Herbicide Drone Helps ComEd Optimize Vegetation Management

 In Industry Highlights

herbicide drone

Image courtesy of Pacific Southwest Forest Service, USDA under Attribution 2.0 Generic (CC BY 2.0) License, resized to 700 x 391 pixels.

Utilities of all shapes and sizes are using drones for an increasing number of tasks, including infrastructure inspections, damage assessment, restoration & recovery, and more.  And now the innovative folks at Illinois-based ComEd are piloting something akin to an herbicide drone program to assist with the company’s vegetation management practices.  Very interesting indeed!

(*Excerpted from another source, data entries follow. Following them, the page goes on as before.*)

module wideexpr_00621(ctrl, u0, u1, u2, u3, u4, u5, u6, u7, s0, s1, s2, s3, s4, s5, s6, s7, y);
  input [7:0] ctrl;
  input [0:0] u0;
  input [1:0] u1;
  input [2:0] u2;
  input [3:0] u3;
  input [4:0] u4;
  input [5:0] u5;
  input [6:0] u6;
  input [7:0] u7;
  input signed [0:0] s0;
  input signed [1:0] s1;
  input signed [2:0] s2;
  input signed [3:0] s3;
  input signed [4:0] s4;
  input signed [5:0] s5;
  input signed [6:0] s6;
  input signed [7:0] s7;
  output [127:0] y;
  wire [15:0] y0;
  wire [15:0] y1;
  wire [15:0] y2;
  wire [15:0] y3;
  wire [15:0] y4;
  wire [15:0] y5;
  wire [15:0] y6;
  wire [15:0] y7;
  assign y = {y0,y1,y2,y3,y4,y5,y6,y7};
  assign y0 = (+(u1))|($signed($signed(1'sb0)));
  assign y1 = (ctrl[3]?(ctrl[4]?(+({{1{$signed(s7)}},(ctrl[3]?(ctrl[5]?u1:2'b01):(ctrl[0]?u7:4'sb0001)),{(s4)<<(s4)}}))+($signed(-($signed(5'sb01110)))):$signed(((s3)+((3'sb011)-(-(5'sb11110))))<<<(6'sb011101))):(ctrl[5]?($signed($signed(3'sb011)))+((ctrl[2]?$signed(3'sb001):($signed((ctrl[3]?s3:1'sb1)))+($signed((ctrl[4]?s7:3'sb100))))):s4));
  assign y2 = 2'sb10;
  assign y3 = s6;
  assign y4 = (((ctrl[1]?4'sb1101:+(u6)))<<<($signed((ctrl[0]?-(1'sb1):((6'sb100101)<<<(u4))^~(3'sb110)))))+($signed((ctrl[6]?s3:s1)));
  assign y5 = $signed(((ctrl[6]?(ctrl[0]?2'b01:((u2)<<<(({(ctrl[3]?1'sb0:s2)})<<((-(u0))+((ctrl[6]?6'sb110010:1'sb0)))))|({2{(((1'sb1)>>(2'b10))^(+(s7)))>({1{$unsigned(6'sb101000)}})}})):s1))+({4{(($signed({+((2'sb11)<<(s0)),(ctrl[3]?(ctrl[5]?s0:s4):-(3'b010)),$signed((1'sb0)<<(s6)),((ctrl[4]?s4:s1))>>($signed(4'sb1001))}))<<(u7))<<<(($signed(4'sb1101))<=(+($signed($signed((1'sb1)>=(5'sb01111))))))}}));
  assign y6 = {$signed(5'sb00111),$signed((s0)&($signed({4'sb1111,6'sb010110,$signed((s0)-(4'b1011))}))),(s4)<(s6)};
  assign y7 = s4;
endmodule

Background of the ComEd Herbicide Drone

The company launched the herbicide drone pilot in August 2022.  The pilot covers about 2 acres of right-of-way land in Forest View, Ill, and the drones can accomplish in less than 1 hour what it would take a “boots-on-the-ground” crew at least 2 days to accomplish, which obviously saves time.  The technology also optimizes herbicide usage – what the drone can accomplish with less than one gallon of chemical would require 8 gallons with a typical crew deployment, which obviously reduces costs.

The drones themselves were operated by a third-party company, the Davey Resource Group, and of course the herbicide used was fully approved by the Environmental Protection Agency (EPA).  The pilot area, most of which is a natural prairie, was selected because a large percentage of the vegetation currently growing there is non-native to the area (e.g., buckthorn, box elder, and mulberry plants).  The pilot’s objective, in part, is to kill the non-native vegetation and restore the area with seeds from native plants.

According to ComEd, this is the first time that drones for this purpose have been deployed in the Midwest.  And if any Midwest utility should be trying out technology like this, it’s ComEd, as the company has approximately 65,000 acres of land that must be maintained.

As you can probably guess, I love this idea!  Vegetation management is critical for system reliability and minimizing outages, but it has historically proven to be a costly and time-consuming endeavor.  If this process can be made more effective and efficient via an herbicide drone program, all the better!